__Assignment__. Please output the listing below character for character and omit the images.

:: Exercise data

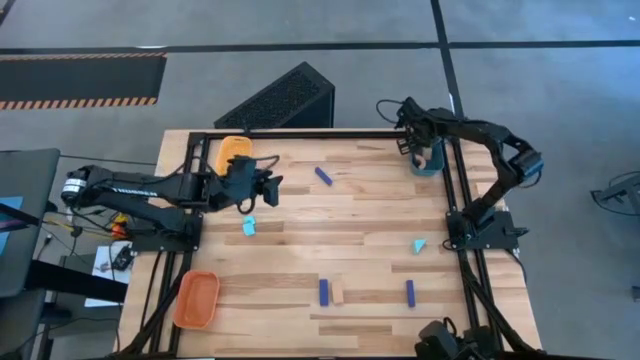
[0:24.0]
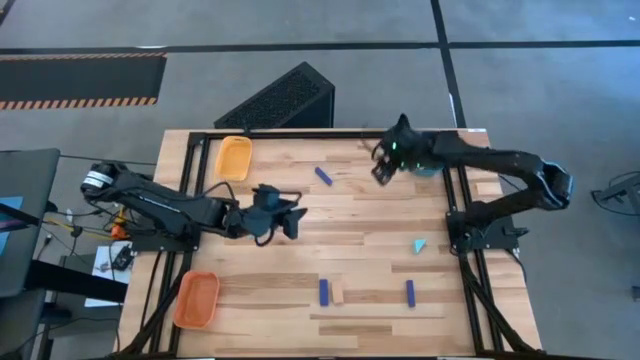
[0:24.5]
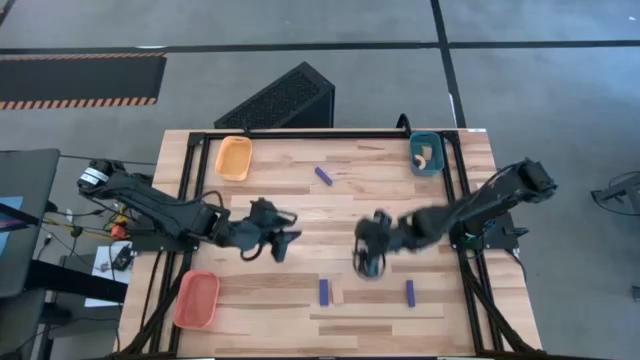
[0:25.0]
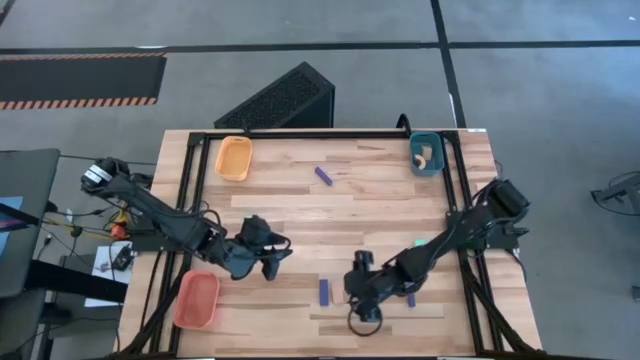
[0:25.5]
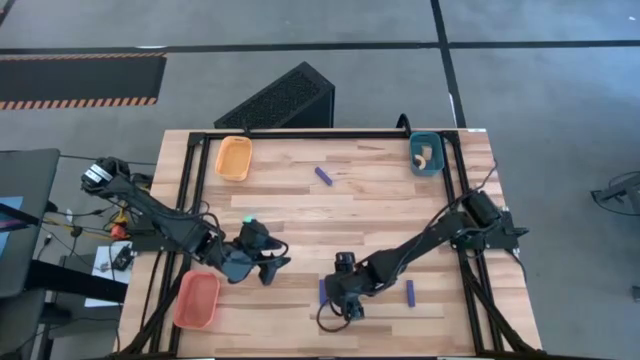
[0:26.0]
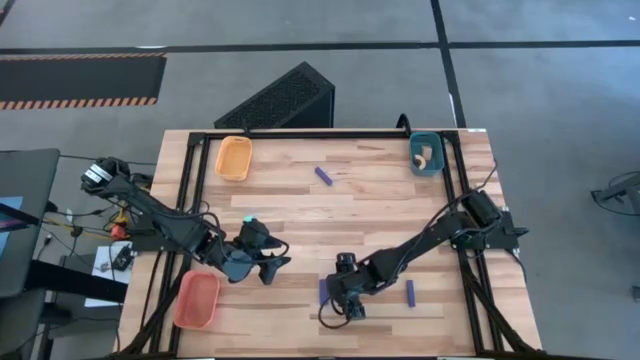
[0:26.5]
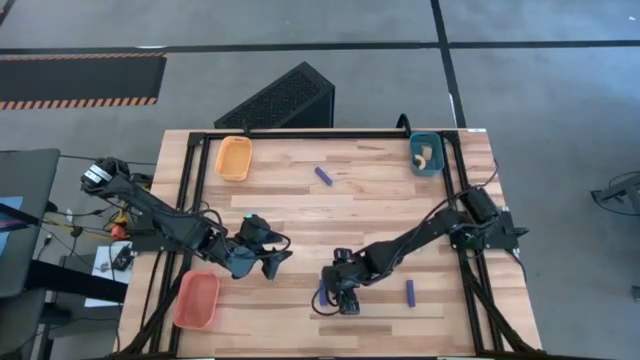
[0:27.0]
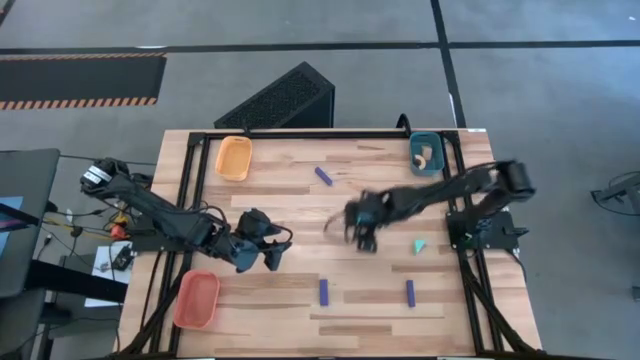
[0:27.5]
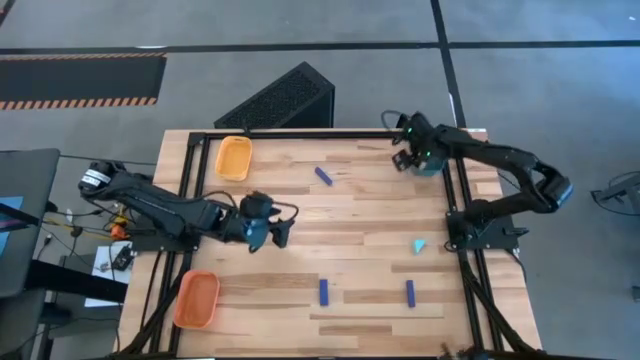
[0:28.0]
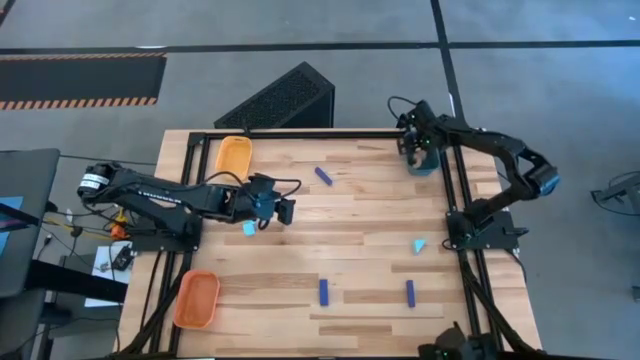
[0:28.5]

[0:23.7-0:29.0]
Put the brown block into the blue bin

::::

__Result below__.
[0:24.0]
[0:24.5]
[0:25.0]
[0:25.5]
[0:26.0]
[0:26.5]
[0:27.0]
[0:27.5]
[0:28.0]
[0:28.5]

[0:23.7-0:29.0]
Put the brown block into the blue bin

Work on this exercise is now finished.